The Kremlin responded with charges of embezzlement, and a Russian court handed down a guilty verdict and placed him under house arrest. The government has also blocked his blog inside the country. But he remains inspiringly defiant: He cut off his electronic bracelet, posted a photo of it, and went out to buy milk. Navalny has filed a complaint about the convictions in the European Court of Human Rights. The court has given Russian officials a deadline of Feb. 13 to respond, according to RIA Novosti.

While the crash in oil prices has weakened Putin, Russia still has $380 billion in currency reserves, according to some estimates, enough to shore up continued support from pensioners and middle-class apparatchiks on a state payroll.

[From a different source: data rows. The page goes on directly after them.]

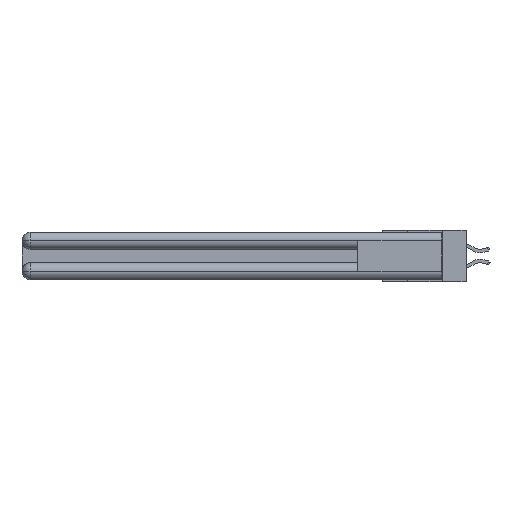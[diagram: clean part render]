
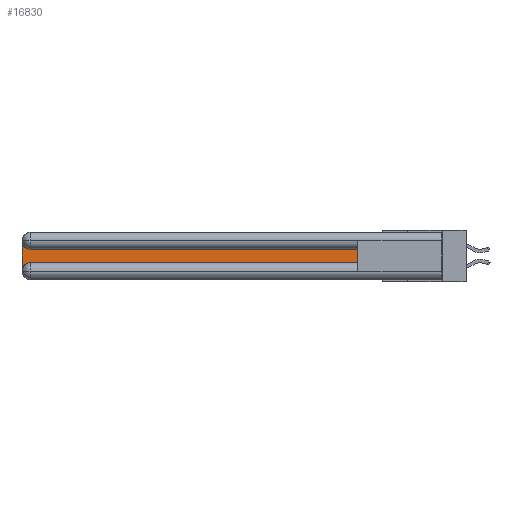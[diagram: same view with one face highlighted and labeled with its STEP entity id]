
A CAD part, left-side view. The second image highlights one B-rep face of the part: STEP entity #16830.
In plain terms, the highlighted planar face has unit normal (-1, 0, 0).
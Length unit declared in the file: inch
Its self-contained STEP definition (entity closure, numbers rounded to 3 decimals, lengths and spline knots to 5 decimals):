
#419 = VERTEX_POINT ( 'NONE', #2613 ) ;
#478 = CARTESIAN_POINT ( 'NONE',  ( 0.075, 0.6, -0.1225 ) ) ;
#805 = DIRECTION ( 'NONE',  ( 0., -1., 0. ) ) ;
#965 = EDGE_CURVE ( 'NONE', #22956, #23289, #4995, .T. ) ;
#1057 = CARTESIAN_POINT ( 'NONE',  ( 0.075, 2.94, -0.1225 ) ) ;
#1492 = DIRECTION ( 'NONE',  ( 0., 1., 0. ) ) ;
#2533 = VERTEX_POINT ( 'NONE', #5115 ) ;
#2613 = CARTESIAN_POINT ( 'NONE',  ( 0.075, 3., -0.0625 ) ) ;
#2713 = DIRECTION ( 'NONE',  ( 0., 0., -1. ) ) ;
#3373 = AXIS2_PLACEMENT_3D ( 'NONE', #15745, #18048, #20325 ) ;
#4070 = VECTOR ( 'NONE', #16102, 39.37008 ) ;
#4949 = ORIENTED_EDGE ( 'NONE', *, *, #23763, .T. ) ;
#4980 = CARTESIAN_POINT ( 'NONE',  ( 0.075, 2.94, -0.0625 ) ) ;
#4995 = LINE ( 'NONE', #29238, #9660 ) ;
#5115 = CARTESIAN_POINT ( 'NONE',  ( 0.075, 0.6, -0.2175 ) ) ;
#5434 = EDGE_LOOP ( 'NONE', ( #15771, #25889, #25743, #11198, #4949, #10366 ) ) ;
#5674 = CARTESIAN_POINT ( 'NONE',  ( 0.075, 2.94, -0.2175 ) ) ;
#7018 = VERTEX_POINT ( 'NONE', #8780 ) ;
#7299 = DIRECTION ( 'NONE',  ( 1., 0., 0. ) ) ;
#7779 = LINE ( 'NONE', #23774, #21417 ) ;
#8375 = LINE ( 'NONE', #18791, #4070 ) ;
#8418 = FACE_OUTER_BOUND ( 'NONE', #5434, .T. ) ;
#8613 = PLANE ( 'NONE',  #3373 ) ;
#8780 = CARTESIAN_POINT ( 'NONE',  ( 0.075, 3., -0.2775 ) ) ;
#8877 = EDGE_CURVE ( 'NONE', #2533, #22956, #8375, .T. ) ;
#9660 = VECTOR ( 'NONE', #1492, 39.37008 ) ;
#9978 = EDGE_CURVE ( 'NONE', #23289, #419, #10504, .T. ) ;
#10195 = VECTOR ( 'NONE', #27012, 39.37008 ) ;
#10366 = ORIENTED_EDGE ( 'NONE', *, *, #8877, .T. ) ;
#10504 = CIRCLE ( 'NONE', #18075, 0.06 ) ;
#11198 = ORIENTED_EDGE ( 'NONE', *, *, #22693, .T. ) ;
#11922 = DIRECTION ( 'NONE',  ( 0., 0., -1. ) ) ;
#15268 = CARTESIAN_POINT ( 'NONE',  ( 0.075, 3., -0.2175 ) ) ;
#15745 = CARTESIAN_POINT ( 'NONE',  ( 0.075, 3., -0.1225 ) ) ;
#15771 = ORIENTED_EDGE ( 'NONE', *, *, #965, .T. ) ;
#16102 = DIRECTION ( 'NONE',  ( 0., 0., 1. ) ) ;
#16459 = CARTESIAN_POINT ( 'NONE',  ( 0.075, 2.94, -0.2775 ) ) ;
#16830 = ADVANCED_FACE ( 'NONE', ( #8418 ), #8613, .F. ) ;
#17499 = CIRCLE ( 'NONE', #26548, 0.06 ) ;
#18048 = DIRECTION ( 'NONE',  ( 1., 0., 0. ) ) ;
#18075 = AXIS2_PLACEMENT_3D ( 'NONE', #4980, #7299, #11922 ) ;
#18791 = CARTESIAN_POINT ( 'NONE',  ( 0.075, 0.6, -0.2175 ) ) ;
#18985 = EDGE_CURVE ( 'NONE', #419, #7018, #28143, .T. ) ;
#20325 = DIRECTION ( 'NONE',  ( 0., 0., -1. ) ) ;
#21417 = VECTOR ( 'NONE', #805, 39.37008 ) ;
#22064 = VERTEX_POINT ( 'NONE', #5674 ) ;
#22693 = EDGE_CURVE ( 'NONE', #7018, #22064, #17499, .T. ) ;
#22956 = VERTEX_POINT ( 'NONE', #478 ) ;
#23289 = VERTEX_POINT ( 'NONE', #1057 ) ;
#23763 = EDGE_CURVE ( 'NONE', #22064, #2533, #7779, .T. ) ;
#23774 = CARTESIAN_POINT ( 'NONE',  ( 0.075, 0.6, -0.2175 ) ) ;
#25743 = ORIENTED_EDGE ( 'NONE', *, *, #18985, .T. ) ;
#25889 = ORIENTED_EDGE ( 'NONE', *, *, #9978, .T. ) ;
#26009 = DIRECTION ( 'NONE',  ( 1., 0., 0. ) ) ;
#26548 = AXIS2_PLACEMENT_3D ( 'NONE', #16459, #26009, #2713 ) ;
#27012 = DIRECTION ( 'NONE',  ( 0., 0., -1. ) ) ;
#28143 = LINE ( 'NONE', #15268, #10195 ) ;
#29238 = CARTESIAN_POINT ( 'NONE',  ( 0.075, 0.6, -0.1225 ) ) ;
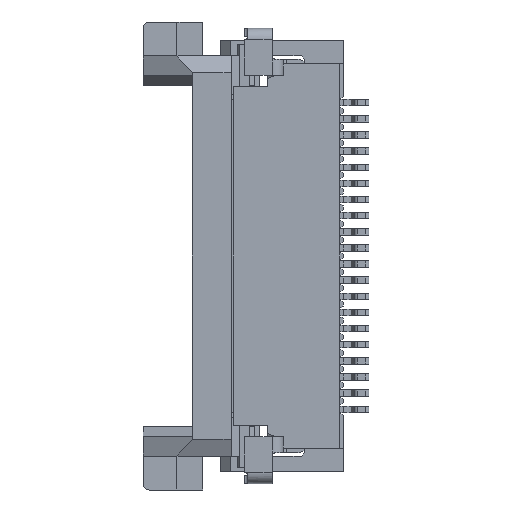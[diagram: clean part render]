
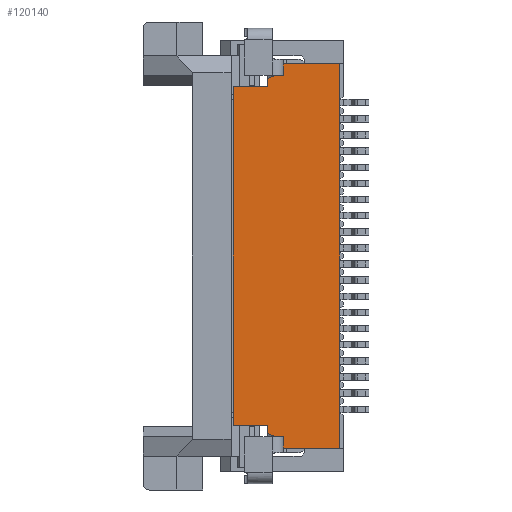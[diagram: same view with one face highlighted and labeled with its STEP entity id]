
A CAD part, left-side view. The second image highlights one B-rep face of the part: STEP entity #120140.
In plain terms, the highlighted face is planar.
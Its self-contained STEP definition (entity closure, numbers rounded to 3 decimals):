
#25040=CARTESIAN_POINT('',(0.5,34.15,-1.93));
#25050=VERTEX_POINT('',#25040);
#25080=CARTESIAN_POINT('',(0.5,34.25,-1.93));
#25090=DIRECTION('',(0.,1.,0.));
#25100=VECTOR('',#25090,1.);
#25110=LINE('',#25080,#25100);
#25120=CARTESIAN_POINT('',(0.5,32.4,-1.93));
#25130=VERTEX_POINT('',#25120);
#25140=EDGE_CURVE('',#25130,#25050,#25110,.T.);
#27090=CARTESIAN_POINT('',(0.5,32.4,-1.205));
#27100=DIRECTION('',(0.,0.,1.));
#27110=VECTOR('',#27100,1.);
#27120=LINE('',#27090,#27110);
#27130=CARTESIAN_POINT('',(0.5,32.4,-2.28));
#27140=VERTEX_POINT('',#27130);
#27150=EDGE_CURVE('',#27140,#25130,#27120,.T.);
#30380=CARTESIAN_POINT('',(0.5,34.25,-13.83));
#30390=DIRECTION('',(0.,1.,0.));
#30400=VECTOR('',#30390,1.);
#30410=LINE('',#30380,#30400);
#30420=CARTESIAN_POINT('',(0.5,32.4,-13.83));
#30430=VERTEX_POINT('',#30420);
#30440=CARTESIAN_POINT('',(0.5,34.15,-13.83));
#30450=VERTEX_POINT('',#30440);
#30460=EDGE_CURVE('',#30430,#30450,#30410,.T.);
#44660=CARTESIAN_POINT('',(0.5,31.3,-2.28));
#44670=DIRECTION('',(0.,1.,0.));
#44680=VECTOR('',#44670,1.);
#44690=LINE('',#44660,#44680);
#44700=CARTESIAN_POINT('',(0.5,32.15,-2.28));
#44710=VERTEX_POINT('',#44700);
#44720=CARTESIAN_POINT('',(0.5,32.337,-2.28));
#44730=VERTEX_POINT('',#44720);
#44740=EDGE_CURVE('',#44710,#44730,#44690,.T.);
#49420=CARTESIAN_POINT('',(0.5,31.9,-2.63));
#49430=VERTEX_POINT('',#49420);
#49460=CARTESIAN_POINT('',(0.5,34.25,-2.63));
#49470=DIRECTION('',(0.,-1.,0.));
#49480=VECTOR('',#49470,1.);
#49490=LINE('',#49460,#49480);
#49500=CARTESIAN_POINT('',(0.5,30.85,-2.63));
#49510=VERTEX_POINT('',#49500);
#49520=EDGE_CURVE('',#49430,#49510,#49490,.T.);
#62960=CARTESIAN_POINT('',(0.5,34.25,-2.28));
#62970=DIRECTION('',(0.,1.,0.));
#62980=VECTOR('',#62970,1.);
#62990=LINE('',#62960,#62980);
#63000=EDGE_CURVE('',#44730,#27140,#62990,.T.);
#70410=CARTESIAN_POINT('',(0.5,31.9,-13.13));
#70420=VERTEX_POINT('',#70410);
#70450=CARTESIAN_POINT('',(0.5,31.9,-14.555));
#70460=DIRECTION('',(0.,0.,-1.));
#70470=VECTOR('',#70460,1.);
#70480=LINE('',#70450,#70470);
#70490=CARTESIAN_POINT('',(0.5,31.9,-13.38));
#70500=VERTEX_POINT('',#70490);
#70510=EDGE_CURVE('',#70420,#70500,#70480,.T.);
#71350=CARTESIAN_POINT('',(0.5,31.9,-2.38));
#71360=VERTEX_POINT('',#71350);
#71390=CARTESIAN_POINT('',(0.5,31.9,-1.205));
#71400=DIRECTION('',(0.,0.,1.));
#71410=VECTOR('',#71400,1.);
#71420=LINE('',#71390,#71410);
#71430=EDGE_CURVE('',#49430,#71360,#71420,.T.);
#81790=CARTESIAN_POINT('',(0.5,34.25,-1.44));
#81800=DIRECTION('',(0.,0.928,
0.371));
#81810=VECTOR('',#81800,1.);
#81820=LINE('',#81790,#81810);
#81830=EDGE_CURVE('',#71360,#44710,#81820,.T.);
#118720=CARTESIAN_POINT('',(0.5,32.15,-13.48));
#118730=VERTEX_POINT('',#118720);
#118760=CARTESIAN_POINT('',(0.5,31.3,-13.48));
#118770=DIRECTION('',(0.,1.,0.));
#118780=VECTOR('',#118770,1.);
#118790=LINE('',#118760,#118780);
#118800=CARTESIAN_POINT('',(0.5,32.337,-13.48));
#118810=VERTEX_POINT('',#118800);
#118820=EDGE_CURVE('',#118730,#118810,#118790,.T.);
#119250=CARTESIAN_POINT('',(0.5,34.25,-14.32));
#119260=DIRECTION('',(0.,0.928,
-0.371));
#119270=VECTOR('',#119260,1.);
#119280=LINE('',#119250,#119270);
#119290=EDGE_CURVE('',#70500,#118730,#119280,.T.);
#119620=CARTESIAN_POINT('',(0.5,34.25,-16.555));
#119630=DIRECTION('',(-1.,0.,0.));
#119640=DIRECTION('',(0.,0.,1.));
#119650=AXIS2_PLACEMENT_3D('',#119620,#119630,#119640);
#119660=PLANE('',#119650);
#119670=ORIENTED_EDGE('',*,*,#30460,.T.);
#119680=CARTESIAN_POINT('',(0.5,32.4,-14.555));
#119690=DIRECTION('',(0.,0.,-1.));
#119700=VECTOR('',#119690,1.);
#119710=LINE('',#119680,#119700);
#119720=CARTESIAN_POINT('',(0.5,32.4,-13.48));
#119730=VERTEX_POINT('',#119720);
#119740=EDGE_CURVE('',#119730,#30430,#119710,.T.);
#119750=ORIENTED_EDGE('',*,*,#119740,.T.);
#119760=CARTESIAN_POINT('',(0.5,34.25,-13.48));
#119770=DIRECTION('',(0.,1.,0.));
#119780=VECTOR('',#119770,1.);
#119790=LINE('',#119760,#119780);
#119800=EDGE_CURVE('',#118810,#119730,#119790,.T.);
#119810=ORIENTED_EDGE('',*,*,#119800,.T.);
#119820=ORIENTED_EDGE('',*,*,#118820,.T.);
#119830=ORIENTED_EDGE('',*,*,#119290,.T.);
#119840=ORIENTED_EDGE('',*,*,#70510,.T.);
#119850=CARTESIAN_POINT('',(0.5,34.25,-13.13));
#119860=DIRECTION('',(0.,-1.,0.));
#119870=VECTOR('',#119860,1.);
#119880=LINE('',#119850,#119870);
#119890=CARTESIAN_POINT('',(0.5,30.85,-13.13));
#119900=VERTEX_POINT('',#119890);
#119910=EDGE_CURVE('',#70420,#119900,#119880,.T.);
#119920=ORIENTED_EDGE('',*,*,#119910,.F.);
#119930=CARTESIAN_POINT('',(0.5,30.85,-15.74));
#119940=DIRECTION('',(0.,0.,-1.));
#119950=VECTOR('',#119940,1.);
#119960=LINE('',#119930,#119950);
#119970=EDGE_CURVE('',#49510,#119900,#119960,.T.);
#119980=ORIENTED_EDGE('',*,*,#119970,.T.);
#119990=ORIENTED_EDGE('',*,*,#49520,.T.);
#120000=ORIENTED_EDGE('',*,*,#71430,.F.);
#120010=ORIENTED_EDGE('',*,*,#81830,.F.);
#120020=ORIENTED_EDGE('',*,*,#44740,.F.);
#120030=ORIENTED_EDGE('',*,*,#63000,.F.);
#120040=ORIENTED_EDGE('',*,*,#27150,.F.);
#120050=ORIENTED_EDGE('',*,*,#25140,.F.);
#120060=CARTESIAN_POINT('',(0.5,34.15,-18.02));
#120070=DIRECTION('',(0.,0.,-1.));
#120080=VECTOR('',#120070,1.);
#120090=LINE('',#120060,#120080);
#120100=EDGE_CURVE('',#25050,#30450,#120090,.T.);
#120110=ORIENTED_EDGE('',*,*,#120100,.F.);
#120120=EDGE_LOOP('',(#120110,#120050,#120040,#120030,#120020,#120010,
#120000,#119990,#119980,#119920,#119840,#119830,#119820,#119810,#119750,
#119670));
#120130=FACE_OUTER_BOUND('',#120120,.T.);
#120140=ADVANCED_FACE('',(#120130),#119660,.F.);
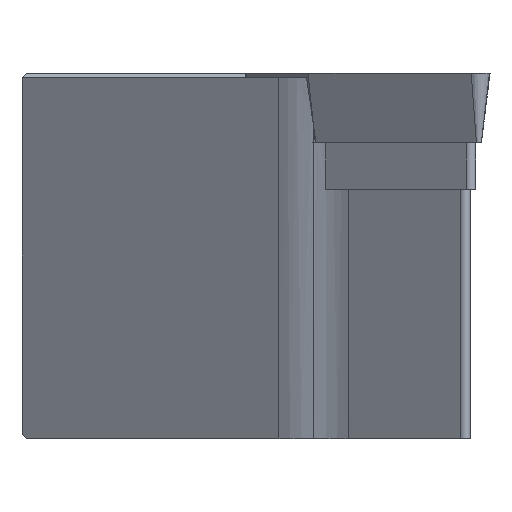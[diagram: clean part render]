
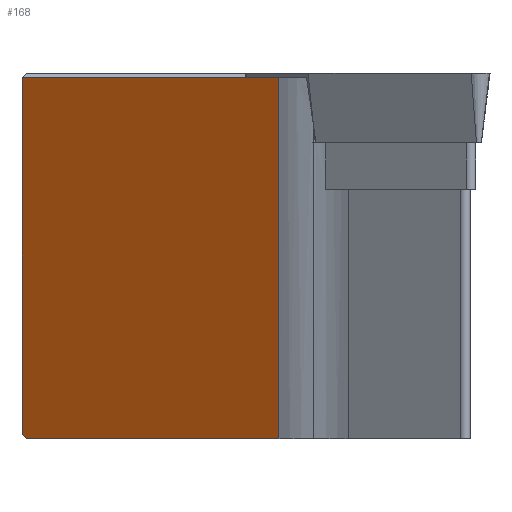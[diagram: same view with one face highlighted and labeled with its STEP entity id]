
A CAD part, left-side view. The second image highlights one B-rep face of the part: STEP entity #168.
In plain terms, the highlighted planar face has unit normal (-0.793, 0.609, 0).
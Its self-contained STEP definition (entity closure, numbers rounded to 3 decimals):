
#168=ADVANCED_FACE('',(#250),#207,.F.);
#207=PLANE('',#934);
#250=FACE_OUTER_BOUND('',#296,.T.);
#296=EDGE_LOOP('',(#456,#457,#458,#459,#460));
#456=ORIENTED_EDGE('',*,*,#672,.F.);
#457=ORIENTED_EDGE('',*,*,#643,.F.);
#458=ORIENTED_EDGE('',*,*,#646,.F.);
#459=ORIENTED_EDGE('',*,*,#640,.T.);
#460=ORIENTED_EDGE('',*,*,#628,.F.);
#556=VERTEX_POINT('',#1240);
#557=VERTEX_POINT('',#1242);
#564=VERTEX_POINT('',#1264);
#565=VERTEX_POINT('',#1268);
#567=VERTEX_POINT('',#1271);
#628=EDGE_CURVE('',#556,#557,#730,.T.);
#640=EDGE_CURVE('',#564,#557,#734,.T.);
#643=EDGE_CURVE('',#565,#567,#736,.T.);
#646=EDGE_CURVE('',#564,#565,#739,.T.);
#672=EDGE_CURVE('',#567,#556,#762,.T.);
#730=LINE('',#1241,#814);
#734=LINE('',#1263,#818);
#736=LINE('',#1270,#820);
#739=LINE('',#1276,#823);
#762=LINE('',#1326,#846);
#814=VECTOR('',#1000,1.);
#818=VECTOR('',#1026,1.);
#820=VECTOR('',#1032,1.);
#823=VECTOR('',#1037,1.);
#846=VECTOR('',#1080,1.);
#934=AXIS2_PLACEMENT_3D('',#1353,#1121,#1122);
#1000=DIRECTION('',(-0.609,-0.793,0.));
#1026=DIRECTION('',(0.,0.,1.));
#1032=DIRECTION('',(0.477,0.622,0.622));
#1037=DIRECTION('',(0.609,0.793,0.));
#1080=DIRECTION('',(0.,0.,1.));
#1121=DIRECTION('',(0.793,-0.609,0.));
#1122=DIRECTION('',(0.609,0.793,0.));
#1240=CARTESIAN_POINT('',(23.735,0.,-0.3));
#1241=CARTESIAN_POINT('',(10.252,-17.571,-0.3));
#1242=CARTESIAN_POINT('',(10.252,-17.571,-0.3));
#1263=CARTESIAN_POINT('',(10.252,-17.571,-40.));
#1264=CARTESIAN_POINT('',(10.252,-17.571,-25.));
#1268=CARTESIAN_POINT('',(23.504,-0.3,-25.));
#1270=CARTESIAN_POINT('',(10.925,-16.694,-41.394));
#1271=CARTESIAN_POINT('',(23.735,0.,-24.7));
#1276=CARTESIAN_POINT('',(10.252,-17.571,-25.));
#1326=CARTESIAN_POINT('',(23.735,0.,-40.));
#1353=CARTESIAN_POINT('',(10.252,-17.571,-40.));
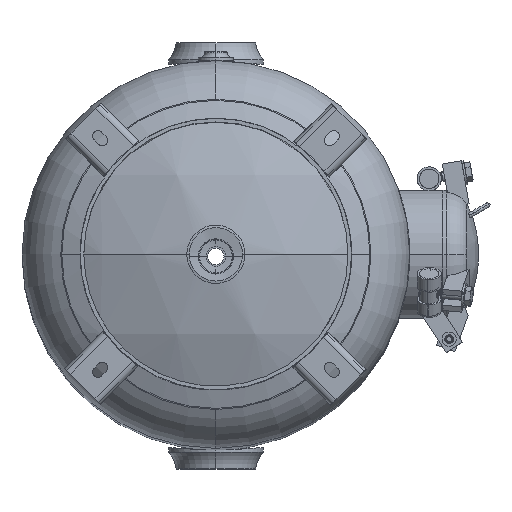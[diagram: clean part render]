
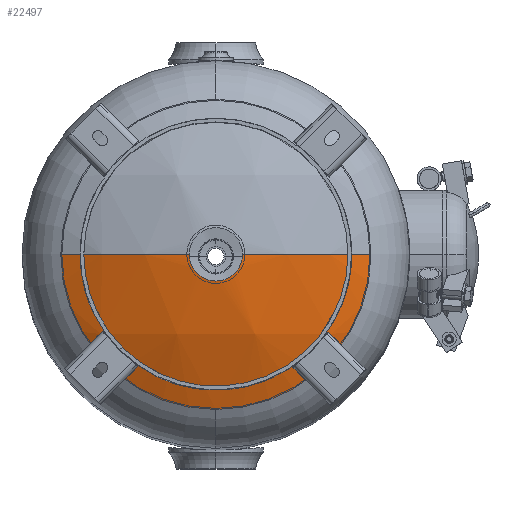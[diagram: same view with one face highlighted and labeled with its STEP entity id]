
A CAD part, top view. The second image highlights one B-rep face of the part: STEP entity #22497.
In plain terms, the highlighted spherical face has radius 457.2 mm.
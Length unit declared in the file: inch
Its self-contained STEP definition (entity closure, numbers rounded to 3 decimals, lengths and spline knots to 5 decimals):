
#2280 = AXIS2_PLACEMENT_3D ( 'NONE', #19467, #19473, #19474 ) ;
#2363 = EDGE_LOOP ( 'NONE', ( #18411, #18377, #18425, #18417, #18355 ) ) ;
#3290 = EDGE_CURVE ( 'NONE', #8079, #8084, #14744, .T. ) ;
#3292 = EDGE_CURVE ( 'NONE', #8084, #8090, #15168, .T. ) ;
#3297 = EDGE_CURVE ( 'NONE', #8079, #8072, #12372, .T. ) ;
#3298 = EDGE_CURVE ( 'NONE', #8085, #8072, #12377, .T. ) ;
#3315 = EDGE_CURVE ( 'NONE', #8090, #8085, #12411, .T. ) ;
#5663 = CARTESIAN_POINT ( 'NONE',  ( 0., 0., 31.44721 ) ) ;
#5665 = DIRECTION ( 'NONE',  ( 0., 0., 1. ) ) ;
#5667 = DIRECTION ( 'NONE',  ( -1., 0., 0. ) ) ;
#5677 = CARTESIAN_POINT ( 'NONE',  ( 0., 0., 13.5 ) ) ;
#5679 = DIRECTION ( 'NONE',  ( 0., 1., 0. ) ) ;
#5681 = DIRECTION ( 'NONE',  ( 0., 0., 1. ) ) ;
#5713 = CARTESIAN_POINT ( 'NONE',  ( 0., 0., 13.5 ) ) ;
#5715 = DIRECTION ( 'NONE',  ( 0., -1., 0. ) ) ;
#5716 = DIRECTION ( 'NONE',  ( 1., 0., 0. ) ) ;
#5720 = CARTESIAN_POINT ( 'NONE',  ( 0., 0., 29.62452 ) ) ;
#5722 = DIRECTION ( 'NONE',  ( 0., 0., -1. ) ) ;
#5723 = DIRECTION ( 'NONE',  ( 0., 1., 0. ) ) ;
#5845 = CARTESIAN_POINT ( 'NONE',  ( 0., 0., 29.62452 ) ) ;
#5847 = DIRECTION ( 'NONE',  ( 0., 0., -1. ) ) ;
#5849 = DIRECTION ( 'NONE',  ( 0., 1., 0. ) ) ;
#8072 = VERTEX_POINT ( 'NONE', #13704 ) ;
#8079 = VERTEX_POINT ( 'NONE', #13711 ) ;
#8084 = VERTEX_POINT ( 'NONE', #13716 ) ;
#8085 = VERTEX_POINT ( 'NONE', #13717 ) ;
#8090 = VERTEX_POINT ( 'NONE', #13722 ) ;
#12372 = CIRCLE ( 'NONE', #12378, 18. ) ;
#12377 = CIRCLE ( 'NONE', #12380, 8. ) ;
#12378 = AXIS2_PLACEMENT_3D ( 'NONE', #5713, #5715, #5716 ) ;
#12380 = AXIS2_PLACEMENT_3D ( 'NONE', #5720, #5722, #5723 ) ;
#12411 = CIRCLE ( 'NONE', #12414, 8. ) ;
#12414 = AXIS2_PLACEMENT_3D ( 'NONE', #5845, #5847, #5849 ) ;
#13704 = CARTESIAN_POINT ( 'NONE',  ( -8., 0., 29.62452 ) ) ;
#13711 = CARTESIAN_POINT ( 'NONE',  ( -1.3775, 0., 31.44721 ) ) ;
#13716 = CARTESIAN_POINT ( 'NONE',  ( 1.3775, 0., 31.44721 ) ) ;
#13717 = CARTESIAN_POINT ( 'NONE',  ( 0., -8., 29.62452 ) ) ;
#13722 = CARTESIAN_POINT ( 'NONE',  ( 8., 0., 29.62452 ) ) ;
#14744 = CIRCLE ( 'NONE', #14763, 1.3775 ) ;
#14762 = AXIS2_PLACEMENT_3D ( 'NONE', #5677, #5679, #5681 ) ;
#14763 = AXIS2_PLACEMENT_3D ( 'NONE', #5663, #5665, #5667 ) ;
#15168 = CIRCLE ( 'NONE', #14762, 18. ) ;
#18355 = ORIENTED_EDGE ( 'NONE', *, *, #3292, .F. ) ;
#18377 = ORIENTED_EDGE ( 'NONE', *, *, #3297, .T. ) ;
#18411 = ORIENTED_EDGE ( 'NONE', *, *, #3290, .F. ) ;
#18417 = ORIENTED_EDGE ( 'NONE', *, *, #3315, .F. ) ;
#18425 = ORIENTED_EDGE ( 'NONE', *, *, #3298, .F. ) ;
#19467 = CARTESIAN_POINT ( 'NONE',  ( 0., 0., 13.5 ) ) ;
#19468 = FACE_OUTER_BOUND ( 'NONE', #2363, .T. ) ;
#19470 = SPHERICAL_SURFACE ( 'NONE', #2280, 18. ) ;
#19473 = DIRECTION ( 'NONE',  ( 0., -1., 0. ) ) ;
#19474 = DIRECTION ( 'NONE',  ( 1., 0., 0. ) ) ;
#22497 = ADVANCED_FACE ( 'NONE', ( #19468 ), #19470, .T. ) ;

But for many Russians, Navalny is a symbol of hope: an outspoken critic of corruption in the Russian government, where many officials amassed personal fortunes during the oil and gas boom. He is also a nationalist, representing ethnic Russians who are unsettled by an influx of immigrants from regions that were part of the old Soviet Union.

In 2013, Senator Robert Menendez, then chairman of the Senate Foreign Relations Committee, condemned Navalny’s sentencing, saying, “The Russian government must reverse course and end this assault on people’s freedoms and right to political expression. It can begin by freeing Alexei Navalny.” Now, a GOP-led committee has a chance to push the issue even further. Senator Bob Corker, the newly elected chair of the committee, should take up Navalny’s case. While it remains to be seen whether Alexei Navalny becomes a transformative figure like activists Andrei Sakharov and Yelena Bonner, he should not have to press his cause in isolation.